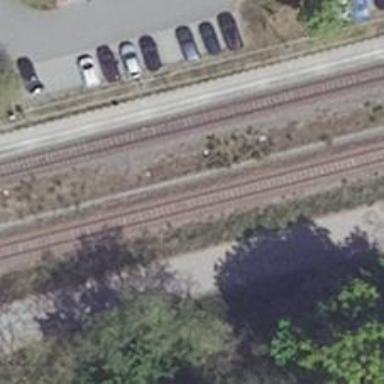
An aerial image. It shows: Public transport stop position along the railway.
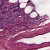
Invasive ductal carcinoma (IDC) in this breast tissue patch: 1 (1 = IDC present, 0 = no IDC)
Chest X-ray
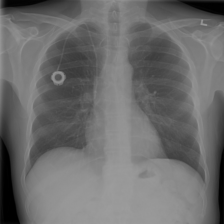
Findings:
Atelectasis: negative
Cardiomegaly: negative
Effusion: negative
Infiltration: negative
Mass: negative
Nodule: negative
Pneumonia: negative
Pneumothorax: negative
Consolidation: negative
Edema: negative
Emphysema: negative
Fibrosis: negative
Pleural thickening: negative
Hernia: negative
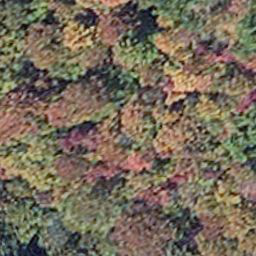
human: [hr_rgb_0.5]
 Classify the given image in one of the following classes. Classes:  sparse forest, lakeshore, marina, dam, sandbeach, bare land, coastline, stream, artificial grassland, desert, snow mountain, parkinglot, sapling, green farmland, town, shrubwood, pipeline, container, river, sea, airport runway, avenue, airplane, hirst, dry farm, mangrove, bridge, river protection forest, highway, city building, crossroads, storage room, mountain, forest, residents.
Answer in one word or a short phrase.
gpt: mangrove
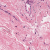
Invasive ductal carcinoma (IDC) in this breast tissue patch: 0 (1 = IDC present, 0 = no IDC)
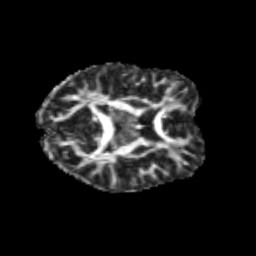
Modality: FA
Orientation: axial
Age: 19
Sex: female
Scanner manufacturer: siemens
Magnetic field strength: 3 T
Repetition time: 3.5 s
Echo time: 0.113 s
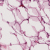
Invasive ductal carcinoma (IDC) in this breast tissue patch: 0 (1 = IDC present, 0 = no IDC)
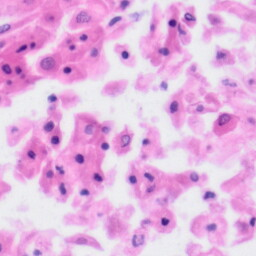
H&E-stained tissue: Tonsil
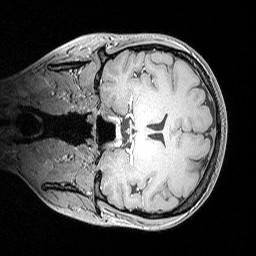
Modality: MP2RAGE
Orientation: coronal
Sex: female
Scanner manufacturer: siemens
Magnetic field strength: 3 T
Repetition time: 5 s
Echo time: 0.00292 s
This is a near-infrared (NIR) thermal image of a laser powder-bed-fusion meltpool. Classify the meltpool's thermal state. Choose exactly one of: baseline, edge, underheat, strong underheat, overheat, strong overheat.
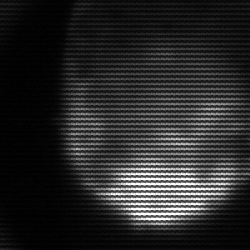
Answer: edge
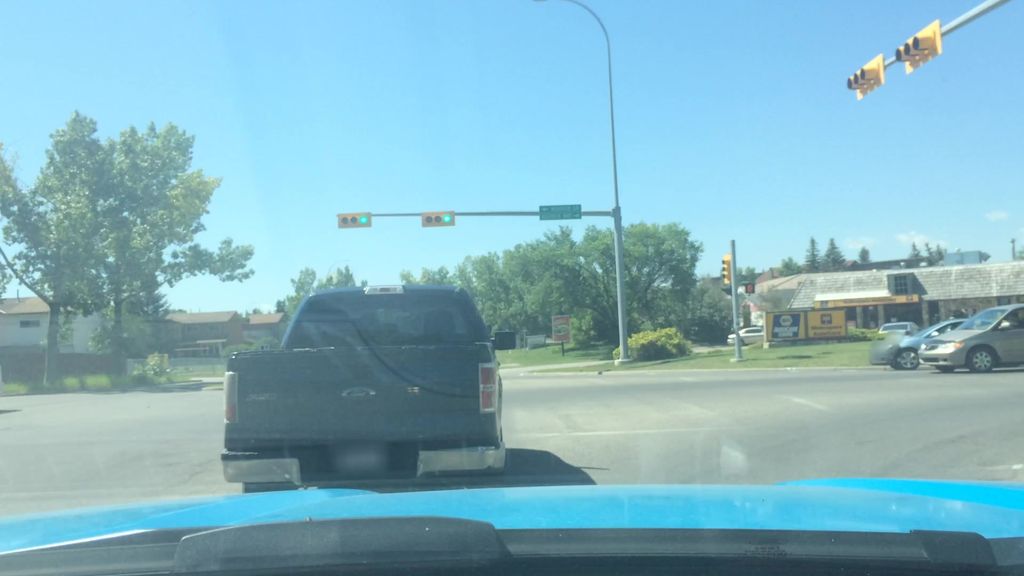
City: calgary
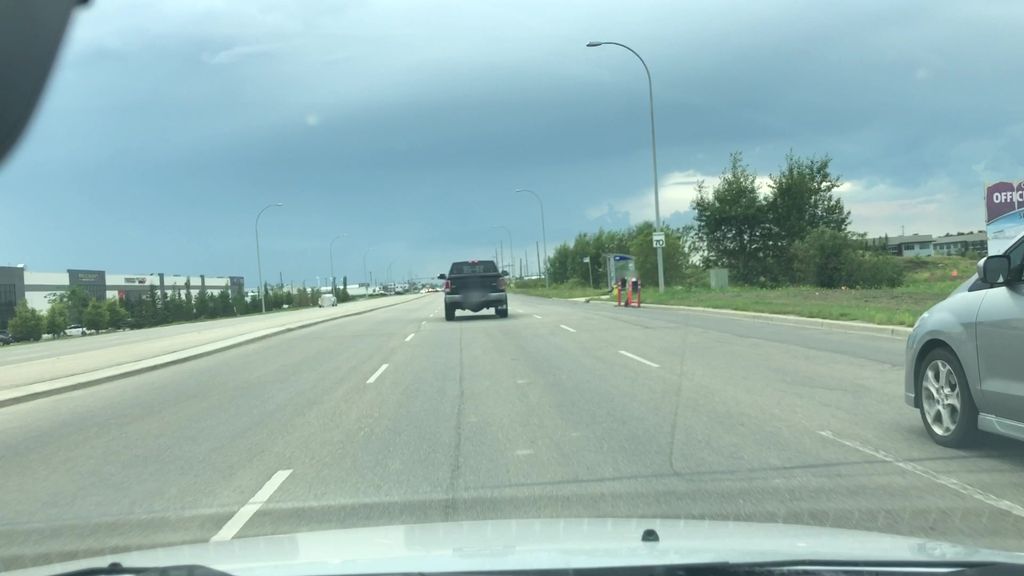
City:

» **Problem to work on**: Restate word for word the lines above that start at the line containing "Echo time: 0.00292 s" and run to the end of the listing; exclude the pictures.

» **Exercise output**:
Echo time: 0.00292 s
This is a near-infrared (NIR) thermal image of a laser powder-bed-fusion meltpool. Classify the meltpool's thermal state. Choose exactly one of: baseline, edge, underheat, strong underheat, overheat, strong overheat.
Answer: edge
City: calgary
City:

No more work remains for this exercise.